Obviously, `model/1`

loops if the model being constructed is infinite. This will happen, for instance, with the following set of clauses, representing a range-restricted version of the append predicate:

```
cl((append([],Y,Y):-list(Y))).
cl((append([X|Xs],Ys,[X|Zs]):-thing(X),append(Xs,Ys,Zs))).
cl((list([]):-true)).
cl((list([X|Y]):-thing(X),list(Y))).
cl((thing(a):-true)).
cl((thing(b):-true)).
cl((thing(c):-true)).
```

Instead of the complete, infinite model, we might be interested in a subset over a universe of lists up to a given length. Such a ‘submodel’ can be computed by a forward chaining procedure which stops after a prespecified number of steps. In this way, the procedure gets more of a ‘breadth-first’ flavour. The program is given below:

```
% model_d(D,M) <- M is a submodel of the clauses
% defined by cl/1
model_d(D,M):-
model_d(D,[],M).
model_d(0,M,M).
model_d(D,M0,M):-
D>0,D1 is D-1,
findall(H,is_violated(H,M0),Heads),
satisfy_clauses(Heads,M0,M1),
model_d(D1,M1,M).
satisfy_clauses([],M,M).
satisfy_clauses([H|Hs],M0,M):-
disj_element(L,H),
satisfy_clauses(Hs,[L|M0],M).
```

`model/1`

is replaced by `model_d/2`

, which has an additional depth parameter. On each iteration, all the violated clauses are generated and satisfied.

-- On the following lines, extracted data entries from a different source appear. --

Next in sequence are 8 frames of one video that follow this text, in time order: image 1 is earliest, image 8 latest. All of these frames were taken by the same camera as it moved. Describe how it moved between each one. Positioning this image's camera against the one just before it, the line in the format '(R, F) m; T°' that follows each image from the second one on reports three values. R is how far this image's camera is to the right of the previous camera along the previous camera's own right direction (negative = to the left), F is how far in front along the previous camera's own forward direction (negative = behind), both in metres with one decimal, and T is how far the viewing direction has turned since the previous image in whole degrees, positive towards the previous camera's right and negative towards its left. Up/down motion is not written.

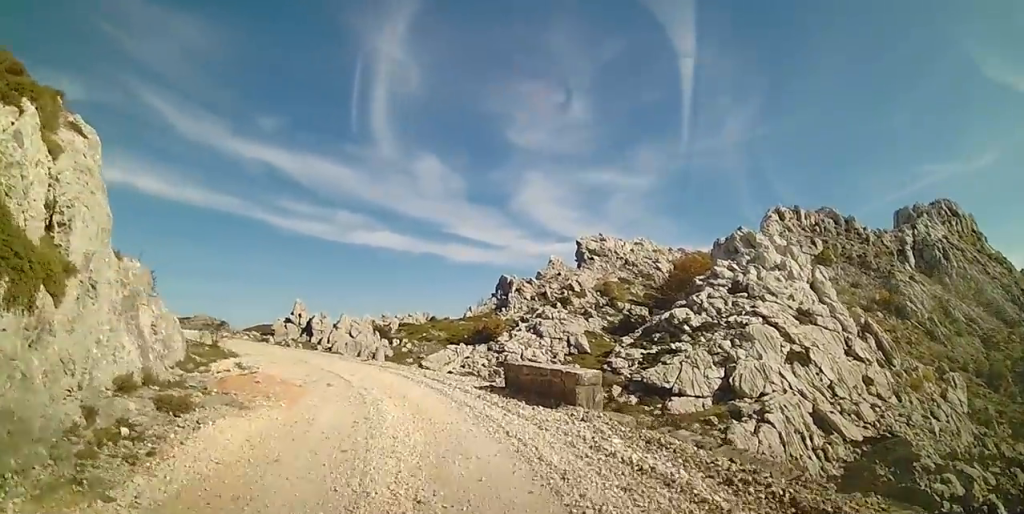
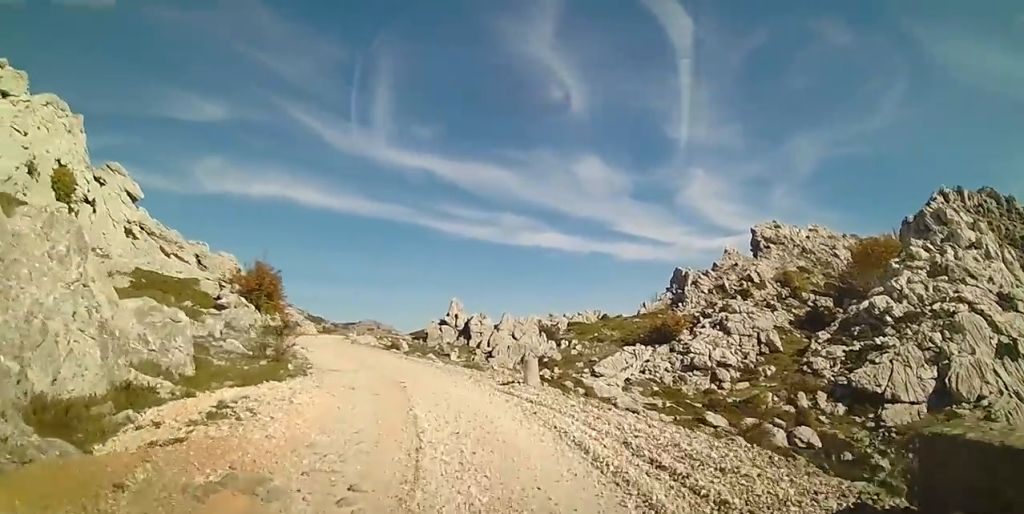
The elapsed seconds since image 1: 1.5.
(-1.4, +8.3) m; -20°
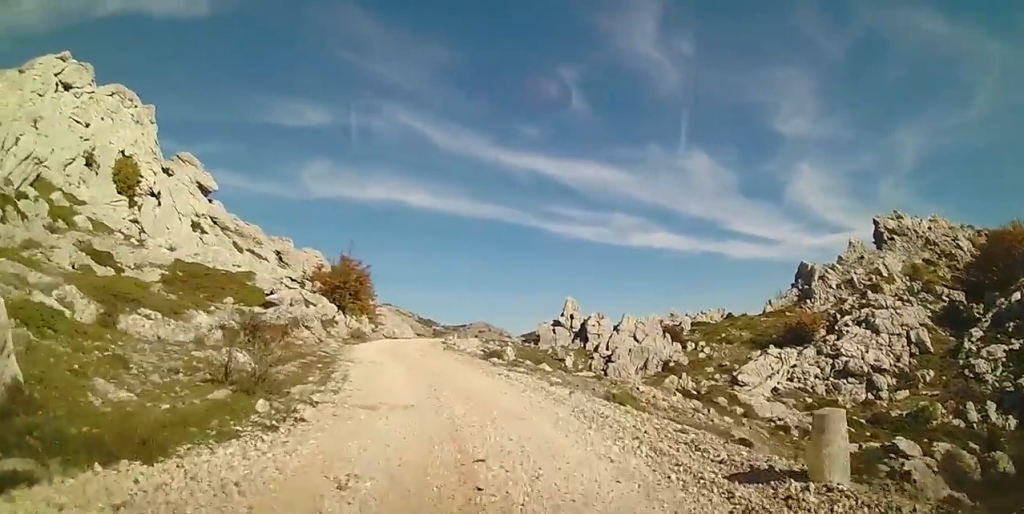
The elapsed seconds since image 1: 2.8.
(-0.9, +7.4) m; -15°
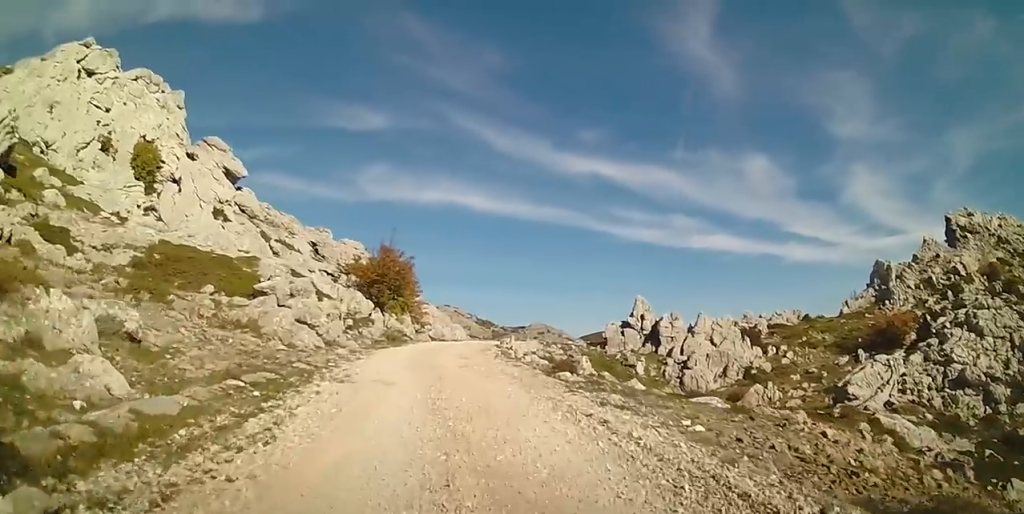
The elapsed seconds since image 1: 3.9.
(-0.6, +6.6) m; -7°
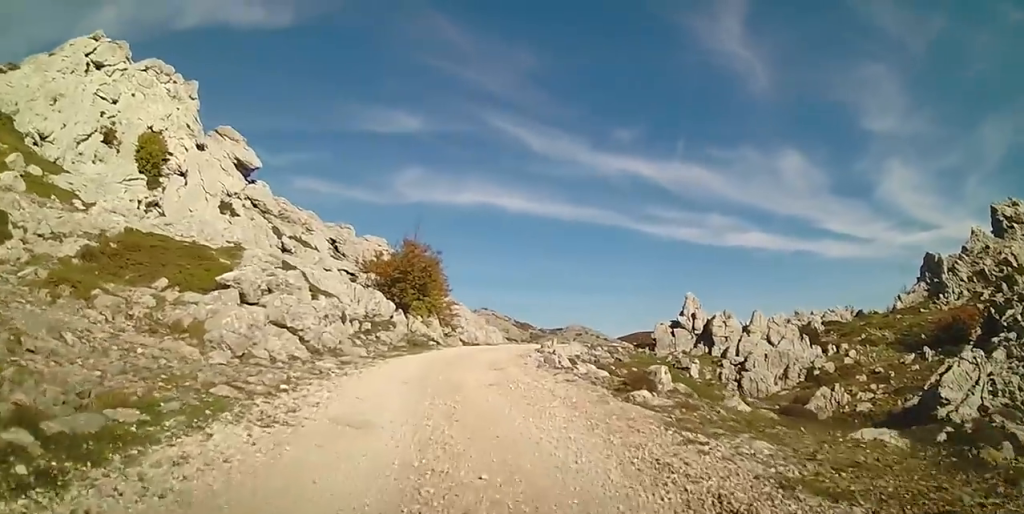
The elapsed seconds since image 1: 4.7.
(-0.2, +4.8) m; 0°
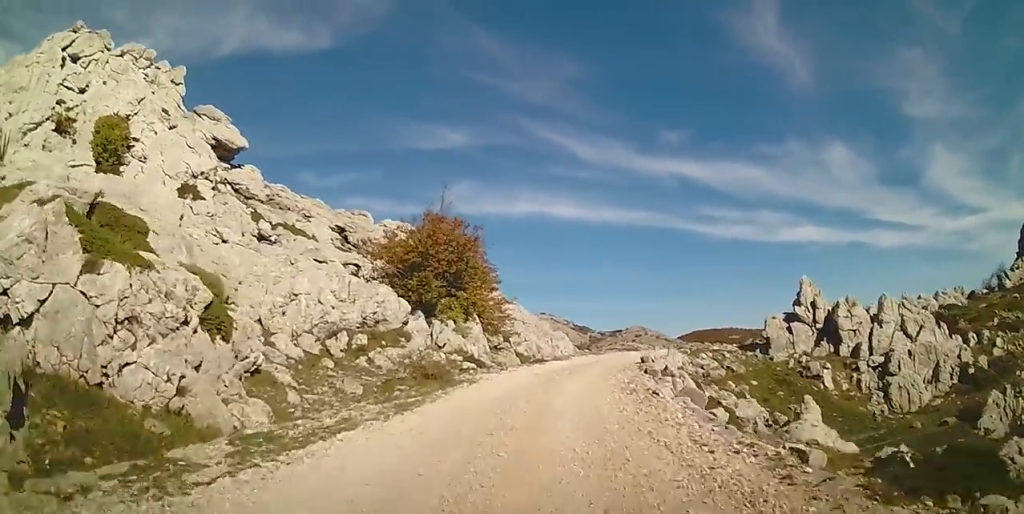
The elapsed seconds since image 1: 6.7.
(0.0, +12.9) m; -3°
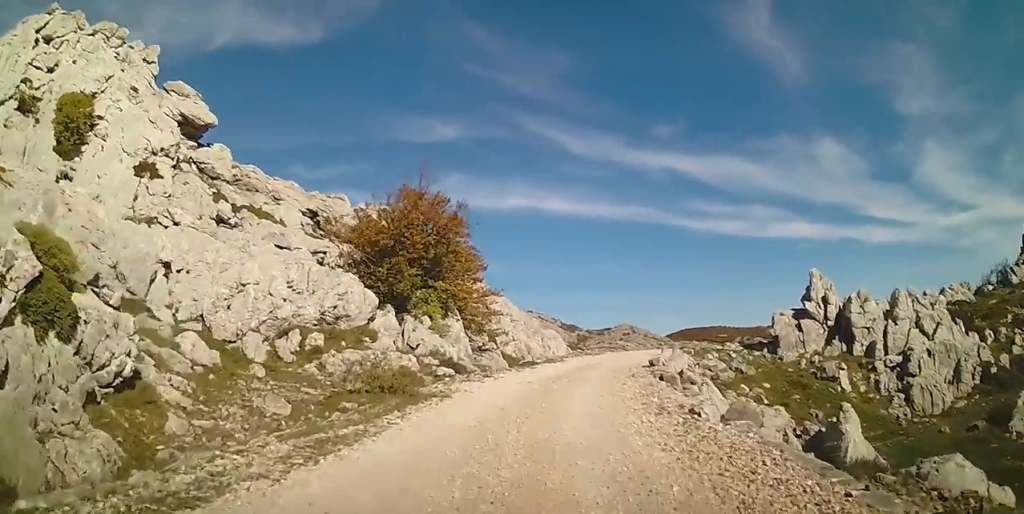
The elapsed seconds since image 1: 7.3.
(-0.1, +3.5) m; +3°
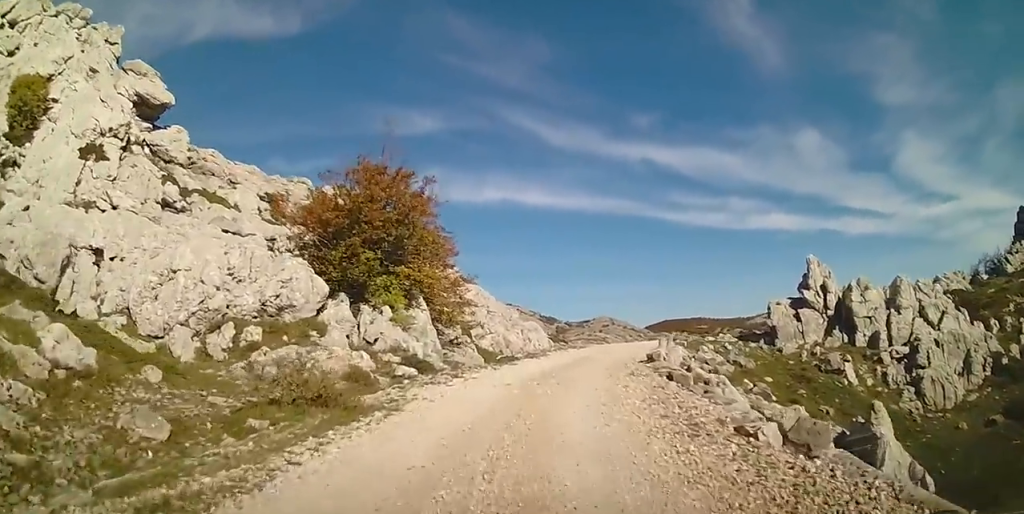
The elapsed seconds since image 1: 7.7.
(-0.2, +2.9) m; +3°

Below, we illustrate the operation of the program on the above set of clauses, setting the depth to 4:

```
?-model_d(4,M).
M = [list([a,c,a]), list([a,c,b]), list([a,c,c]), % D=4 %
list([a,b,a]), list([a,b,b]), list([a,b,c]),
list([a,a,a]), list([a,a,b]), list([a,a,c]),
list([b,c,a]), list([b,c,b]), list([b,c,c]),
list([b,b,a]), list([b,b,b]), list([b,b,c]),
list([b,a,a]), list([b,a,b]), list([b,a,c]),
list([c,c,a]), list([c,c,b]), list([c,c,c]),
list([c,b,a]), list([c,b,b]), list([c,b,c]),
list([c,a,a]), list([c,a,b]), list([c,a,c]),
append([a],[a],[a,a]), append([a],[b],[a,b]),
append([a],[c],[a,c]), append([a,c],[],[a,c]),
append([a,b],[],[a,b]), append([a,a],[],[a,a]),
append([b],[a],[b,a]), append([b],[b],[b,b]),
append([b],[c],[b,c]), append([b,c],[],[b,c]),
append([b,b],[],[b,b]), append([b,a],[],[b,a]),
append([c],[a],[c,a]), append([c],[b],[c,b]),
append([c],[c],[c,c]), append([c,c],[],[c,c]),
append([c,b],[],[c,b]), append([c,a],[],[c,a]),
append([],[c,a],[c,a]), append([],[c,b],[c,b]),
append([],[c,c],[c,c]), append([],[b,a],[b,a]),
append([],[b,b],[b,b]), append([],[b,c],[b,c]),
append([],[a,a],[a,a]), append([],[a,b],[a,b]),
append([],[a,c],[a,c]),
list([a,c]), list([a,b]), list([a,a]), % D=3 %
list([b,c]), list([b,b]), list([b,a]),
list([c,c]), list([c,b]), list([c,a]),
append([a],[],[a]), append([b],[],[b]),
append([c],[],[c]), append([],[c],[c]),
append([],[b],[b]), append([],[a],[a]),
list([a]), list([b]), list([c]), % D=2 %
append([],[],[]),
thing(c), thing(b), thing(a), % D=1 %
list([]) ]
```

At depth 1, only domain clauses are satisfied; at depth 2 the first `append`

literal appears. Depths 3 and 4 add `list`

literals for all lists of length 2 and 3, and `append`

literals for all lists of length 1 and 2, respectively.

- 1
We will assume for the moment that the head literals are ground by the substitution which makes the body true; a more detailed discussion follows below.